::: Given records :::

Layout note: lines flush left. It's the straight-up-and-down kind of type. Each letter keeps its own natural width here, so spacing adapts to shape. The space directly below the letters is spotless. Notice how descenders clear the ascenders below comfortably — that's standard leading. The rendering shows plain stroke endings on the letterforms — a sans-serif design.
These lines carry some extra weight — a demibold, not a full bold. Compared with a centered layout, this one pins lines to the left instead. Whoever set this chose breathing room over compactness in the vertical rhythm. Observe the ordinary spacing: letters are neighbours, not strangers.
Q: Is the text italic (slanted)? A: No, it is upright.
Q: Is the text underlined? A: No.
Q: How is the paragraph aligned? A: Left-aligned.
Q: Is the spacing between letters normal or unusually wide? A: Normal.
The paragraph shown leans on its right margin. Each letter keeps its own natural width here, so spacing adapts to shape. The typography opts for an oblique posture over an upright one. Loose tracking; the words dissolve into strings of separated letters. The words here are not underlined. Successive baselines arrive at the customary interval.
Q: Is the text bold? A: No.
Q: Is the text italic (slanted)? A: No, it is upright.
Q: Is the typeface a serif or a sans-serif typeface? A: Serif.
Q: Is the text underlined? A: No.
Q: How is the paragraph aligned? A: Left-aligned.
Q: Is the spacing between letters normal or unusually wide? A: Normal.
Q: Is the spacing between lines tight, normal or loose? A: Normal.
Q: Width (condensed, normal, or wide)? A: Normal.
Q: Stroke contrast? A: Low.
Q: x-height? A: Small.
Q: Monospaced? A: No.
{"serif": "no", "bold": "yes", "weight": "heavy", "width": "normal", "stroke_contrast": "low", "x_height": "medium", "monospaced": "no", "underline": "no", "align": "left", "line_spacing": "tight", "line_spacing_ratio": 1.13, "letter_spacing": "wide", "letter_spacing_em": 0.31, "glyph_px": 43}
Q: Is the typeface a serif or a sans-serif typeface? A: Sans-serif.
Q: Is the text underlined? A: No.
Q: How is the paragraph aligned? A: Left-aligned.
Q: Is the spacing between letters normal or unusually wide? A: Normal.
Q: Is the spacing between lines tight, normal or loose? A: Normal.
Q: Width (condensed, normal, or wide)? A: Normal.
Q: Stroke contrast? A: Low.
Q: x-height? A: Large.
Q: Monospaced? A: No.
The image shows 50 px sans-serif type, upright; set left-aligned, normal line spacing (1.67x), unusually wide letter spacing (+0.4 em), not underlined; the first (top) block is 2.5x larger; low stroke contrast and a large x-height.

:::

* What the exercise asks: Write the data above out again in full, exactly.

* Exercise result:
Layout note: lines flush left. It's the straight-up-and-down kind of type. Each letter keeps its own natural width here, so spacing adapts to shape. The space directly below the letters is spotless. Notice how descenders clear the ascenders below comfortably — that's standard leading. The rendering shows plain stroke endings on the letterforms — a sans-serif design.
These lines carry some extra weight — a demibold, not a full bold. Compared with a centered layout, this one pins lines to the left instead. Whoever set this chose breathing room over compactness in the vertical rhythm. Observe the ordinary spacing: letters are neighbours, not strangers.
Q: Is the text italic (slanted)? A: No, it is upright.
Q: Is the text underlined? A: No.
Q: How is the paragraph aligned? A: Left-aligned.
Q: Is the spacing between letters normal or unusually wide? A: Normal.
The paragraph shown leans on its right margin. Each letter keeps its own natural width here, so spacing adapts to shape. The typography opts for an oblique posture over an upright one. Loose tracking; the words dissolve into strings of separated letters. The words here are not underlined. Successive baselines arrive at the customary interval.
Q: Is the text bold? A: No.
Q: Is the text italic (slanted)? A: No, it is upright.
Q: Is the typeface a serif or a sans-serif typeface? A: Serif.
Q: Is the text underlined? A: No.
Q: How is the paragraph aligned? A: Left-aligned.
Q: Is the spacing between letters normal or unusually wide? A: Normal.
Q: Is the spacing between lines tight, normal or loose? A: Normal.
Q: Width (condensed, normal, or wide)? A: Normal.
Q: Stroke contrast? A: Low.
Q: x-height? A: Small.
Q: Monospaced? A: No.
{"serif": "no", "bold": "yes", "weight": "heavy", "width": "normal", "stroke_contrast": "low", "x_height": "medium", "monospaced": "no", "underline": "no", "align": "left", "line_spacing": "tight", "line_spacing_ratio": 1.13, "letter_spacing": "wide", "letter_spacing_em": 0.31, "glyph_px": 43}
Q: Is the typeface a serif or a sans-serif typeface? A: Sans-serif.
Q: Is the text underlined? A: No.
Q: How is the paragraph aligned? A: Left-aligned.
Q: Is the spacing between letters normal or unusually wide? A: Normal.
Q: Is the spacing between lines tight, normal or loose? A: Normal.
Q: Width (condensed, normal, or wide)? A: Normal.
Q: Stroke contrast? A: Low.
Q: x-height? A: Large.
Q: Monospaced? A: No.
The image shows 50 px sans-serif type, upright; set left-aligned, normal line spacing (1.67x), unusually wide letter spacing (+0.4 em), not underlined; the first (top) block is 2.5x larger; low stroke contrast and a large x-height.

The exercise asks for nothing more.